Predicted Class Label

`resubPredict` classifies by minimizing the expected classification cost:

`$\stackrel{^}{y}=\underset{y=1,...,K}{\mathrm{arg}\mathrm{min}}\sum _{j=1}^{K}\stackrel{^}{P}\left(j|x\right)C\left(y|j\right),$`

where

• $\stackrel{^}{y}$ is the predicted classification.

• K is the number of classes.

• $\stackrel{^}{P}\left(j|x\right)$ is the posterior probability of class j for observation x.

• $C\left(y|j\right)$ is the cost of classifying an observation as y when its true class is j.

Posterior Probability

Consider a vector (single query point) `xnew` and a model `mdl`.

• k is the number of nearest neighbors used in prediction, `mdl.NumNeighbors`.

• `nbd(mdl,xnew)` specifies the k nearest neighbors to `xnew` in `mdl.X`.

• `Y(nbd)` specifies the classifications of the points in `nbd(mdl,xnew)`, namely `mdl.Y(nbd)`.

• `W(nbd)` specifies the weights of the points in `nbd(mdl,xnew)`.

• `prior` specifies the priors of the classes in `mdl.Y`.

If the model contains a vector of prior probabilities, then the observation weights `W` are normalized by class to sum to the priors.
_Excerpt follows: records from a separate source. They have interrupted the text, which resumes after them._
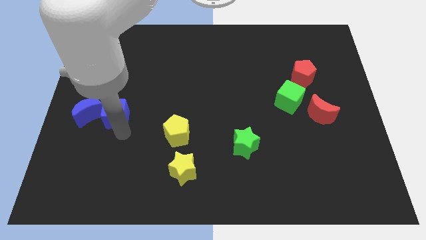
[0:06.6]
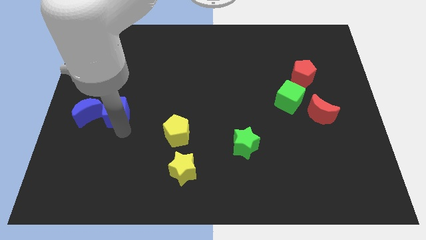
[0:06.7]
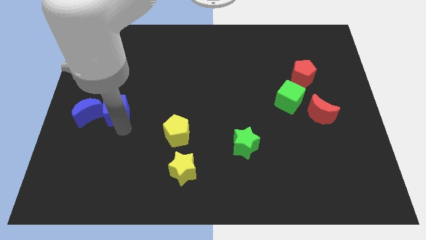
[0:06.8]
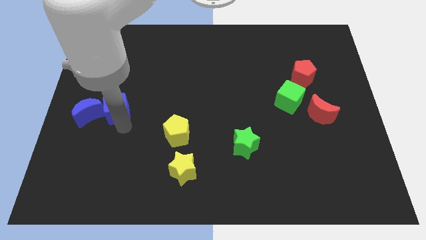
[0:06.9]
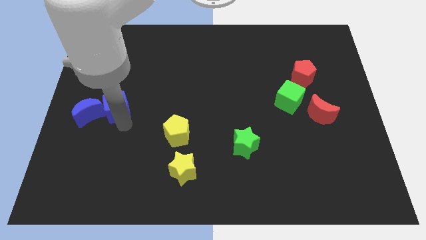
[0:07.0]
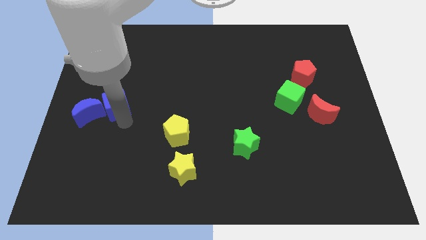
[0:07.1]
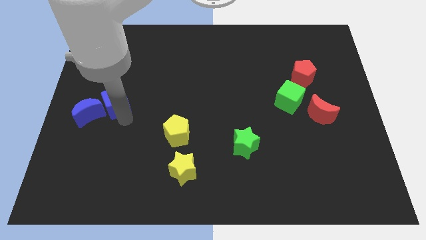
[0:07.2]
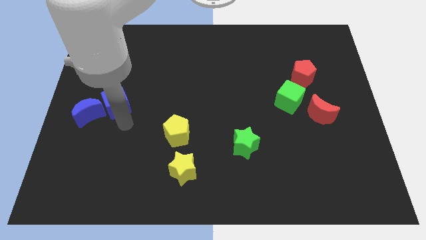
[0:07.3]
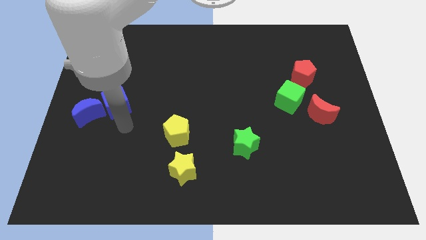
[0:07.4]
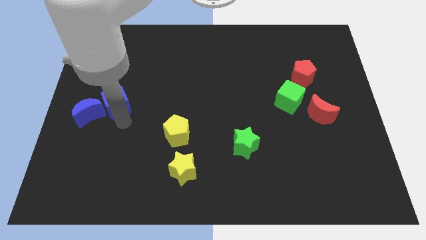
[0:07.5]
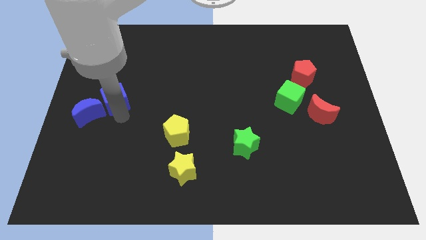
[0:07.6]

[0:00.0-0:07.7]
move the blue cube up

This process might involve a calculation for the point `xnew`, because weights can depend on the distance from `xnew` to the points in `mdl.X`.

The posterior probability p(j|`xnew`) is

`$p\left(j|x\text{new}\right)=\frac{\sum _{i\in \text{nbd}}W\left(i\right){1}_{Y\left(X\left(i\right)\right)=j}}{\sum _{i\in \text{nbd}}W\left(i\right)}.$`

Here, ${1}_{Y\left(X\left(i\right)\right)=j}$ is `1` when `mdl.Y(i) = j`, and `0` otherwise.

True Misclassification Cost

Two costs are associated with KNN classification: the true misclassification cost per class and the expected misclassification cost per observation.

You can set the true misclassification cost per class by using the `'Cost'` name-value pair argument when you run `fitcknn`. The value `Cost(i,j)` is the cost of classifying an observation into class `j` if its true class is `i`. By default, `Cost(i,j) = 1` if `i ~= j`, and `Cost(i,j) = 0` if `i = j`. In other words, the cost is `0` for correct classification and `1` for incorrect classification.

Expected Cost

Two costs are associated with KNN classification: the true misclassification cost per class and the expected misclassification cost per observation. The third output of `resubPredict` is the expected misclassification cost per observation.

Suppose you have `Nobs` observations that you classified with a trained classifier `mdl`, and you have `K` classes. The command

`[label,score,cost] = resubPredict(mdl)`

returns a matrix `cost` of size `Nobs`-by-`K`, among other outputs. Each row of the `cost` matrix contains the expected (average) cost of classifying the observation into each of the `K` classes. `cost(n,j)` is

`$\sum _{i=1}^{K}\stackrel{^}{P}\left(i|X\left(n\right)\right)C\left(j|i\right),$`

where

• K is the number of classes.

• $\stackrel{^}{P}\left(i|X\left(n\right)\right)$ is the posterior probability of class i for observation X(n).

• $C\left(j|i\right)$ is the true misclassification cost of classifying an observation as j when its true class is i.